The implications of the Amendments to the LRA and BCEA and the introduction of the Minimum Wage Bill

Parliament is considering bringing about huge changes to the Labour Relations Act (LRA), the Basic Conditions of Employment Act (BCEA) and introducing the National Minimum Wage Bill. If these changes go ahead, many hard won rights will be taken away from the workers. One of the biggest rights hard fought and hard won; the constitutional right to strike will also be affected. How will these proposed changes affect worker rights?

The right to strike is a powerful tool to ensure that worker demands are heard and given effect to. Strike action is characterised by workers coming together and deciding on a strike action in their workplace. The changes state that unions must first hold a secret ballot in order to go on strike. This means that individual members will decide on whether to go on strike or not. This in effect will take the collective power of workers away.

The CCMA Commissioner will also have to determine whether picketing rules have been set out before it can give a certificate stating that the dispute between the workers and the employer has not been resolved. If there are no picketing rules, the Commissioner of the CCMA will state what it should be and can also say how many workers are allowed to picket.

The LRA amendments also state that the conciliation period on strikes can be extended by another five days which will further delay possible strike action. In this delay employers can get scab workers to replace the striking workers.

The LRA amendments also include that there can be an advisory arbitration to settle disputes. The advisory panel can decide whether a strike should go on or not and will take into account the interest of the public.

Employers can also now apply for interdicts in the Labour Court against unions which means unions can be stopped from continuing with certain action.

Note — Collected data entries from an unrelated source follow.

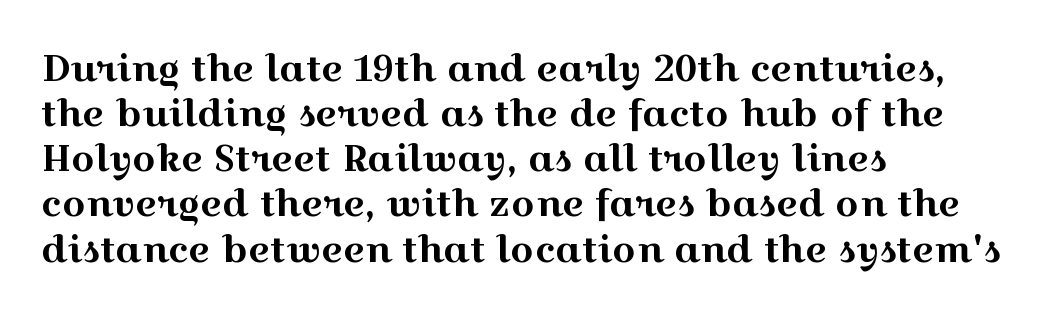
{"serif": "yes", "italic": "no", "width": "wide", "x_height": "medium", "monospaced": "no", "underline": "no", "align": "left", "line_spacing_ratio": 1.22, "letter_spacing": "normal", "letter_spacing_em": 0.0, "glyph_px": 37}
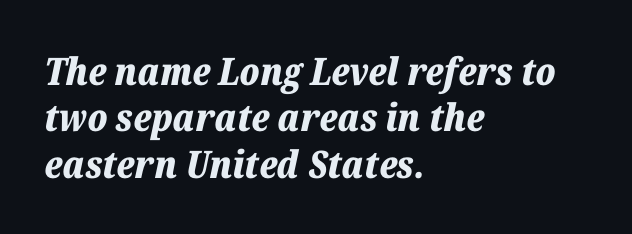
Q: Is the text bold? A: Yes.
Q: Is the text italic (slanted)? A: Yes, it leans right by about 12 degrees.
Q: Is the text underlined? A: No.
Q: How is the paragraph aligned? A: Left-aligned.
Q: Is the spacing between letters normal or unusually wide? A: Normal.
Q: Width (condensed, normal, or wide)? A: Normal.
Q: Stroke contrast? A: Low.
Q: x-height? A: Medium.
Q: Monospaced? A: No.
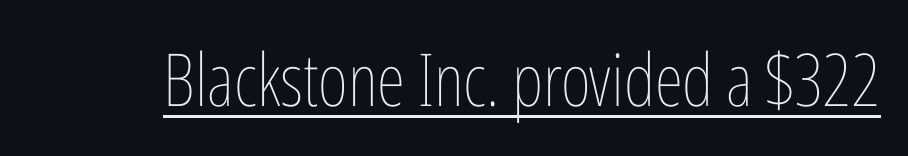
The image shows 73 px thin, condensed type, upright; set normal letter spacing, underlined; low stroke contrast and a medium x-height.
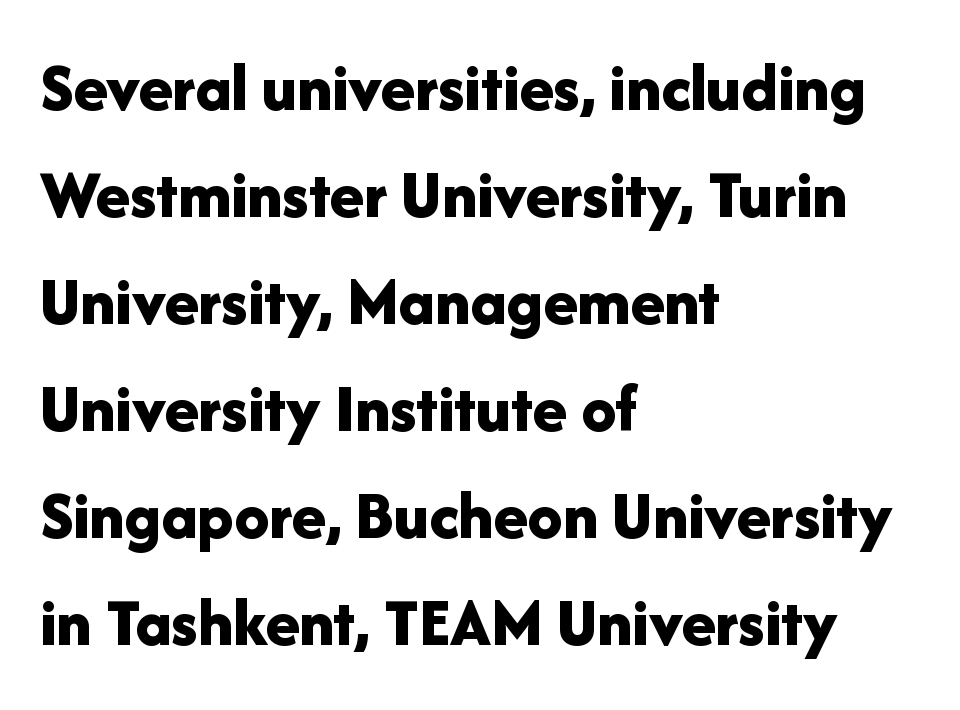
Q: Is the text bold? A: Yes.
Q: Is the text italic (slanted)? A: No, it is upright.
Q: Is the typeface a serif or a sans-serif typeface? A: Sans-serif.
Q: Is the text underlined? A: No.
Q: How is the paragraph aligned? A: Left-aligned.
Q: Is the spacing between letters normal or unusually wide? A: Normal.
Q: Is the spacing between lines tight, normal or loose? A: Normal.
Q: Width (condensed, normal, or wide)? A: Normal.
Q: Stroke contrast? A: Low.
Q: x-height? A: Medium.
Q: Monospaced? A: No.
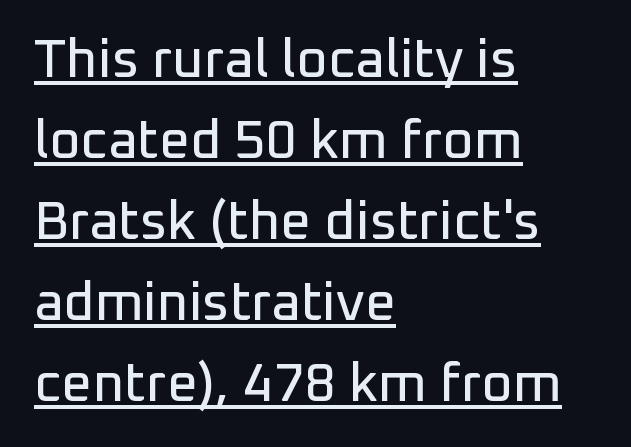
{"serif": "no", "italic": "no", "width": "normal", "stroke_contrast": "low", "x_height": "medium", "monospaced": "no", "underline": "yes", "align": "left", "line_spacing": "normal", "line_spacing_ratio": 1.5, "letter_spacing": "normal", "letter_spacing_em": 0.0, "glyph_px": 54}
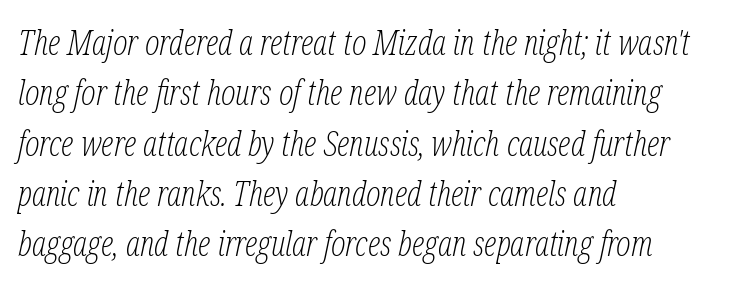
The image shows 34 px light, condensed serif type, italic (leaning right); set left-aligned, normal line spacing (1.48x), normal letter spacing, not underlined; low stroke contrast and a medium x-height.

All these procedures and amendments to this constitutional right make it harder for workers to go on strike.

The National wage Bill

This Bill sets a minimum hourly rate of R20 p/h. So in effect there is no monthly minimum wage only an hourly wage. If a workers works less than 40 hours a week or flexible hours, this will impact heavily on what wage they finally receive. Farmworkers will receive R18 p/h and domestic workers will receive R15 p/h. Only in 2020 will these workers get the full minimum wage of R20 p/h.

Another problem with these changes are that should a worker not receive the correct wage, the dispute will have to be referred to the CCMA which already has a huge workload. The worker will have to go through conciliation and probably arbitration in order to be paid their salary. The case may end up at the Labour Court for a writ of execution (court order) if the employer fails to comply with the award made by the CCMA in favour of the worker. Workers will face many legal and practical difficulties trying to win a case against an employer not wanting to pay the national wage.

Sectoral determinations Sectoral determinations do not only set minimum wages but also pensions, holiday pay, leave and housing in the case of farmworkers. Under the BCEA, sectoral determinations will be replaced by the Wage Bill. This means that rights and protections such as farmworker accommodation will be taken away.

Although COSATU, Fedusa and Nactu were in agreement on these changes with NEDLAC, the General Industries Workers Union of SA (GIWUSA) came out strongly against these changes.